The climate movement struggles, in part, with the legacies of fast thinking. The climate change clock is ticking and fast strategy looks like a logical response. But ‘fast’ brings with it the you versus us polarity – and so far that has played out badly in fossil fuel communities. You could go so far to say that ‘fast’ has been weaponised by the climate skeptics and fossil fuel billionaires to justify inaction. Even after the outcome of the 2019 Federal Election, the mainstream climate movement seems resigned to mounting a case for change that doesn’t involve direct engagement with coal workers. 

But the refugee fights of twenty years ago suggest that this is not good strategy. Big vision is nice, but if it isn’t backed up with small, slow work – it will struggle to succeed. Ever. The 2019 Election failed to address the issue of climate change because too many movements entered the debate treating Australia as one big homogenous constituency. Communities reliant on coal hit back. Fed a fiction that they could stop climate change by voting against parties supporting climate action, they did exactly that. Division and fear are easy to create; trust, cohesion and shared plans are much harder. Small work starts in place. It starts with relationships. Trust starts where people are at, and in many coal communities, ‘climate change’ isn’t the first concern even if it is the elephant in the room. But the climate movement does itself a disservice when it treats coal workers as an elephant in the room. The refugee debate shows you that polarised communities won’t heal themselves. Slow small work is required, and it is better done now than in a decade’s time.

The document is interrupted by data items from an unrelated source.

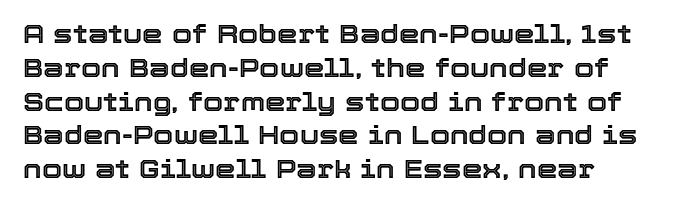
Q: Is the text italic (slanted)? A: No, it is upright.
Q: Is the text underlined? A: No.
Q: How is the paragraph aligned? A: Left-aligned.
Q: Is the spacing between letters normal or unusually wide? A: Normal.
Q: Is the spacing between lines tight, normal or loose? A: Normal.
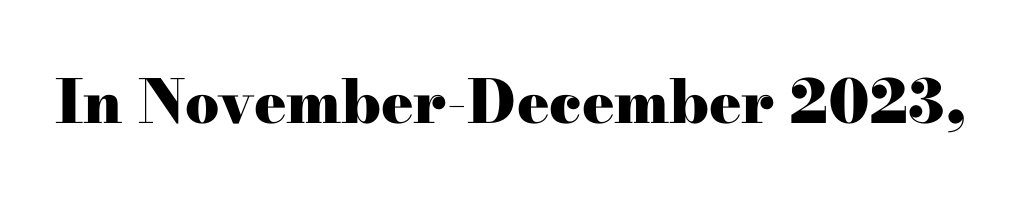
{"serif": "yes", "italic": "no", "bold": "yes", "weight": "heavy", "width": "wide", "stroke_contrast": "high", "x_height": "small", "monospaced": "no", "underline": "no", "letter_spacing": "normal", "letter_spacing_em": 0.0, "glyph_px": 60}
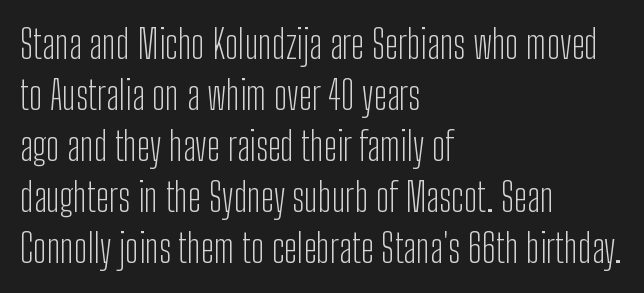
Regarding leading, the lines here are spaced in the standard way. Varying glyph widths throughout — classic text-font behaviour. This rendering uses left alignment, leaving the right contour irregular. Anything drawn beneath the words? Only blank space.
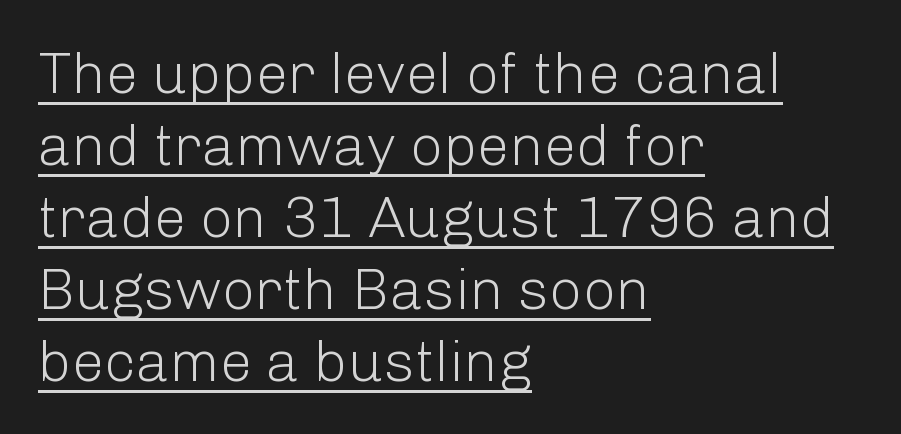
The image shows 58 px light sans-serif type, upright; set left-aligned, line spacing 1.24x, normal letter spacing, underlined; low stroke contrast and a medium x-height.
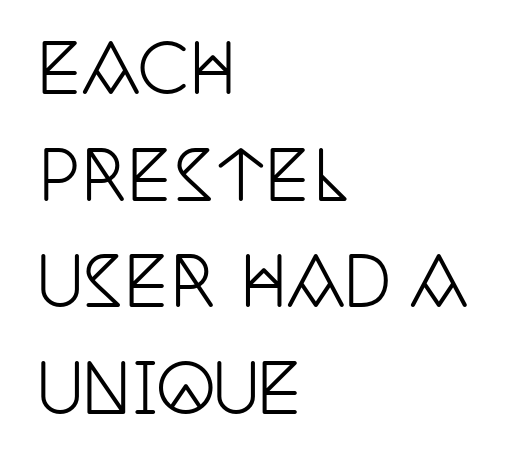
The image shows 67 px condensed serif type, upright; set left-aligned, normal line spacing (1.59x), normal letter spacing, not underlined; low stroke contrast and a large x-height.
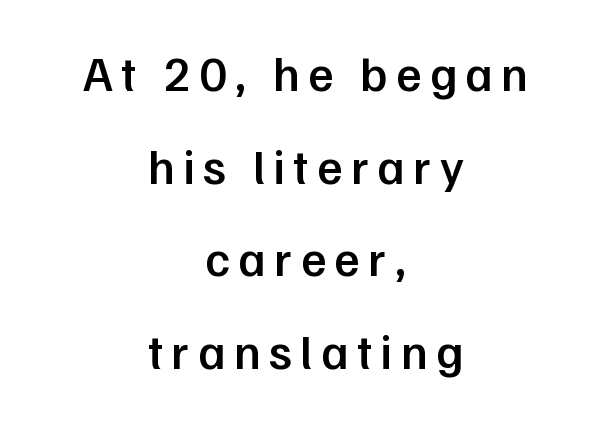
Unlike italic type, these characters show no tilt at all. This sample uses a sans-serif face. The letters are semibold — heavier than regular but short of a full bold. Spacing verdict: proportional, widths tailored to each character. Centered paragraph, ragged on both sides. Glance below the letters and you will spot only blank space.
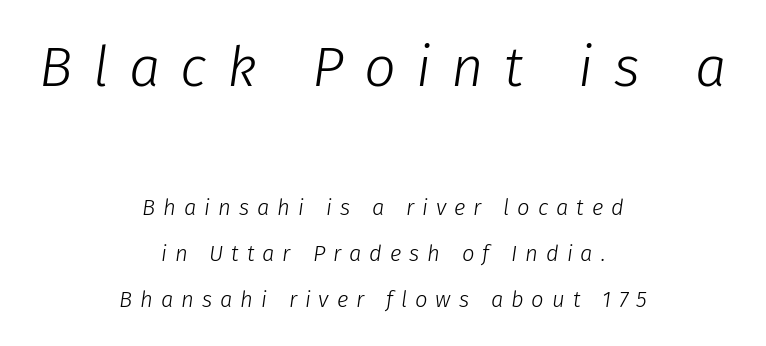
Yep, that's italic — everything's leaning. Summary of weight: not heavy and not bold. The face used here is proportionally spaced, like ordinary book or web type. Which margin do the lines hug? Neither — every line sits in the middle.
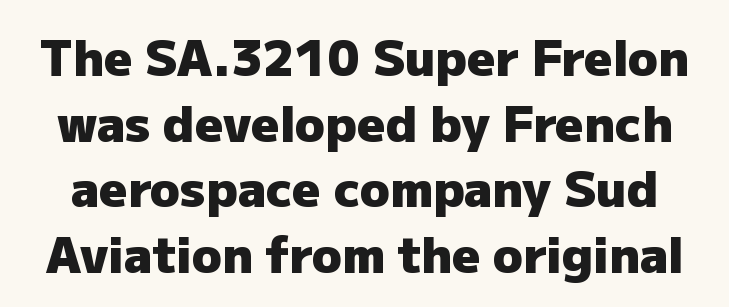
Q: Is the text bold? A: Yes.
Q: Is the text italic (slanted)? A: No, it is upright.
Q: Is the typeface a serif or a sans-serif typeface? A: Sans-serif.
Q: Is the text underlined? A: No.
Q: Is the spacing between letters normal or unusually wide? A: Normal.
Q: Is the spacing between lines tight, normal or loose? A: Normal.
Q: Width (condensed, normal, or wide)? A: Normal.
Q: Stroke contrast? A: Low.
Q: x-height? A: Medium.
Q: Monospaced? A: No.

For many politically active people, especially those in cities and amongst ALP members, climate change generates deep levels of anxiety. There is a desperate desire for action, and an overwhelming frustration with the Coalition and the ALP for their inadequate leadership. I don’t disagree. But my experience of trying to wave a big magic wand at moral problems has taught me that the solution is not simply in the hands of elected representatives. While any government can make a transition easier by directing funding, regulation and incentives to the right places, politics – thankfully – is also about the people. Equally, while it would be useful for politicians to stop spreading lies about climate change – it is equally problematic for people seeking climate action to pretend that there are not real fears, interests and concerns in fossil fuel communities, and across Australia as a whole, that need to be addressed.

Learning from the refugee movement, the climate movement would do well to add more slow to its fast and more small to its big. Climate action is not just about big change in how we manage our energy, transport or agriculture, it is a time where we can make big changes in how our democracy works so people can help shape what is an uncertain and frightening future. But a bigger democracy is built small – one to one, community to community, where relationships and listening allow us to knit together a stronger civil society. It is a place where inequality and injustice – from dispossession to fears around economic transition – can be redressed. While slow might feel frustrating, as we approach 2030 the refugee debate shows that if we do not do this right, we may never build the justice we need. And climate action is something that humanity cannot afford to fail.